The intestine as the first barrier for nutrients and luminal components and the endocrine pancreas for its major role in glycidic homeostasis have a central role in determining postnatal defence and metabolic programming. At birth the gastrointestinal tract and the pancreas are immature and their development continues during the first years of life. Although mainly genetically programmed, these developmental changes can be modulated by the diet. Breast-feeding is the best protection for infants after birth and as such reduces the risk of diseases during the milk period. It is also associated with long-term health benefits. Compared with formula, human milk is very complex, providing both an optimal nutrition for the newborn and components with biological activities that drive the growth of the intestine and pancreas and contribute to the development of mucosal defences.

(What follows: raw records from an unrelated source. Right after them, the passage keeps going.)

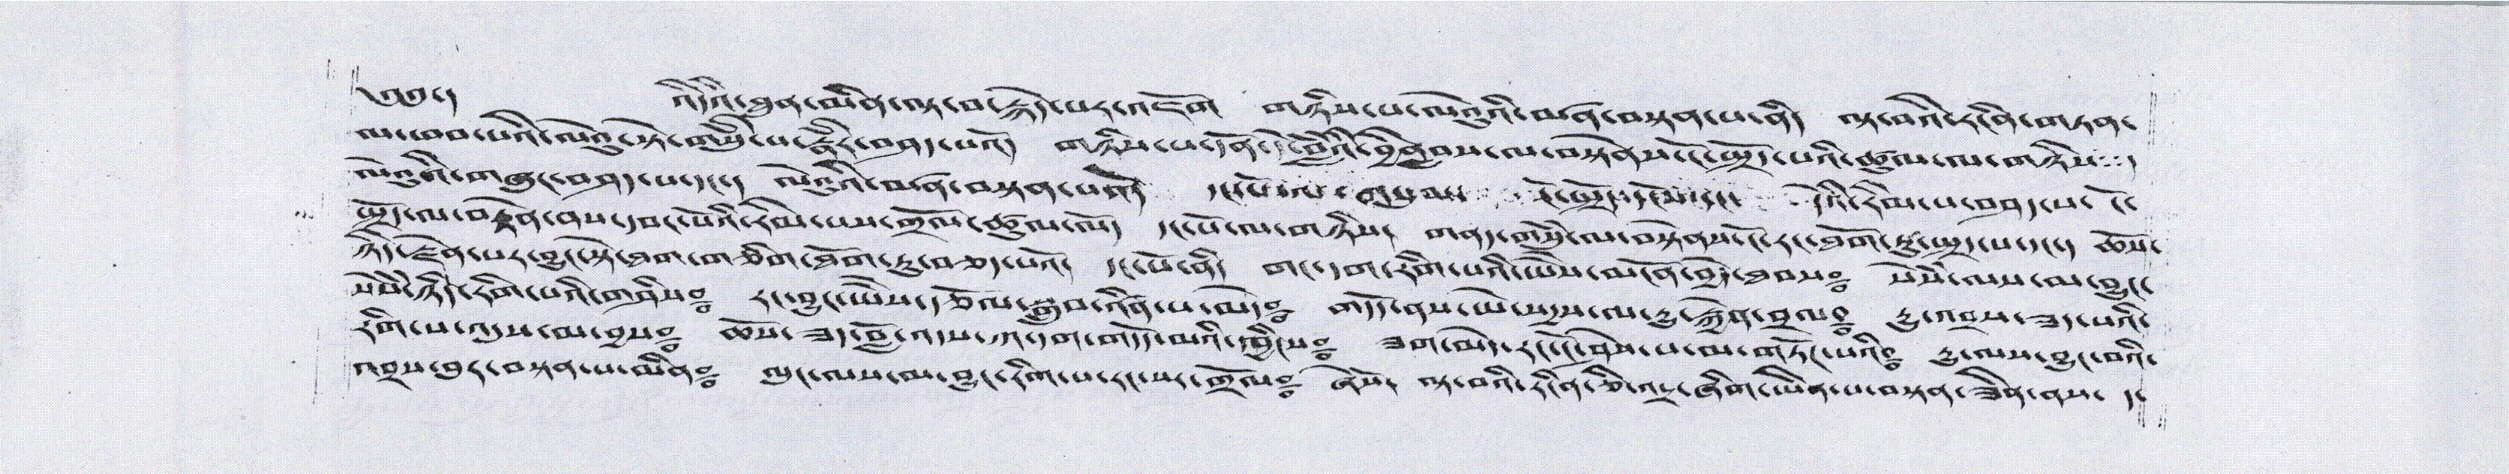འདིའི་ཐུན་མིན་ལྟ་བ་རྙེད་པར་འཇོག གཉིས་པ་ལེའུ་མཚན་བསྟན་པ་ནི། ལྟ་བའི་རང་བཞིན་གཏན་
ལ་ཕབ་པའི་ལེའུ་སྟེ་གསུམ་པ་རྣམ་པར་བཤད་པའོ། གཉིས་པ་དོན་དེ་བླ་མའི་བྱིན་རླབས་ལ་བརྟེན་ནས་ངོ་སྤྲོད་པའི་ཚུལ་ལ་གཉིས། 
ལེའུའི་གཞུང་བཤད་པ་དང་། ལེའུའི་མཚན་བསྟན་པའོ། དང་པོ་ལ་གསུམ། ངོ་སྤྲོད་དངོས་དང་། དེའི་རིམ་པ་བཤད་པ། ངོ་
སྤྲོད་ལ་བརྟེན་ནས་དབང་པོའི་རིམ་པས་གྲོལ་ཚུལ་ལོ། དང་པོ་གཉིས། གནད་གསུམ་ལ་བརྟེན་ནས་ངོ་རང་ཐོག་ཏུ་སྤྲད་པ་དང་། ཆོས་
ཉིད་རྗེན་པར་བྱུང་སྟེ་ཉག་གཅིག་ཐོག་ཏུ་ཐག་བཅད་པའོ། དང་པོ་ནི། གང་དག་རིག་པའི་ཡེ་ཤེས་མངོན་བྱེད་ཐབསཿ སེམས་ལས་མ་བྱུང་
སེམས་ཉིད་རིག་པའི་གཤིསཿ རང་བྱུང་ཡེ་ཤེས་རྩོལ་སྒྲུབ་འཛིན་པ་མེདཿ གདོད་ནས་ཡེ་སངས་རྒྱས་ལ་རྒྱུ་རྐྱེན་བྲལཿ རྒྱུ་འབྲས་ཟད་པའི་
རིག་པ་འདུས་མ་བྱསཿ ཆོས་ཟད་བློ་འདས་ཀ་དག་གདོད་མའི་དབྱིངསཿ ཟག་མེད་རང་ངོ་ཤེས་པ་མ་གཏོགས་པའིཿ རྒྱུ་ལས་བྱུང་བའི་
འབྲས་བུར་བསྟན་པ་མིནཿ ལུང་ལས་མ་བྱུང་རིག་པ་རང་སར་གྲོལཿ ཞེས་སོ། ལྟ་བའི་རང་བཞིན་ཅི་འདྲ་ཞིག་ཡིན་པ་བསྟན་ཟིན་ནས། ད་

The objective of the present review is to compare the effect of breast- v. formula-feeding on the postnatal development of the gastrointestinal tract and the endocrine pancreas and discuss the possible consequences of these differences later in life (Fig. 1). The prevalence of breast-feeding and the associated short- and long-term health benefits, as well as the dynamic changes in human milk composition are considered first. Differences in the pattern of intestinal and pancreatic development during the early postnatal period in breast-fed v. formula-fed neonates are then reviewed. Finally, evidence is given to support the fact that modifying the nutritional content or adding human milk-like components to formula may be favourable for the intestinal and pancreatic developmental patterns. The focus is principally on intestinal and pancreatic development in humans. However, the effect of nutrition on the postnatal gastrointestinal tract and pancreas growth and development is poorly defined in humans, mostly because of ethical difficulties in conducting nutritional intervention studies and obtaining tissue from healthy infants. Therefore, results from in vitro or experimental animal studies have been included.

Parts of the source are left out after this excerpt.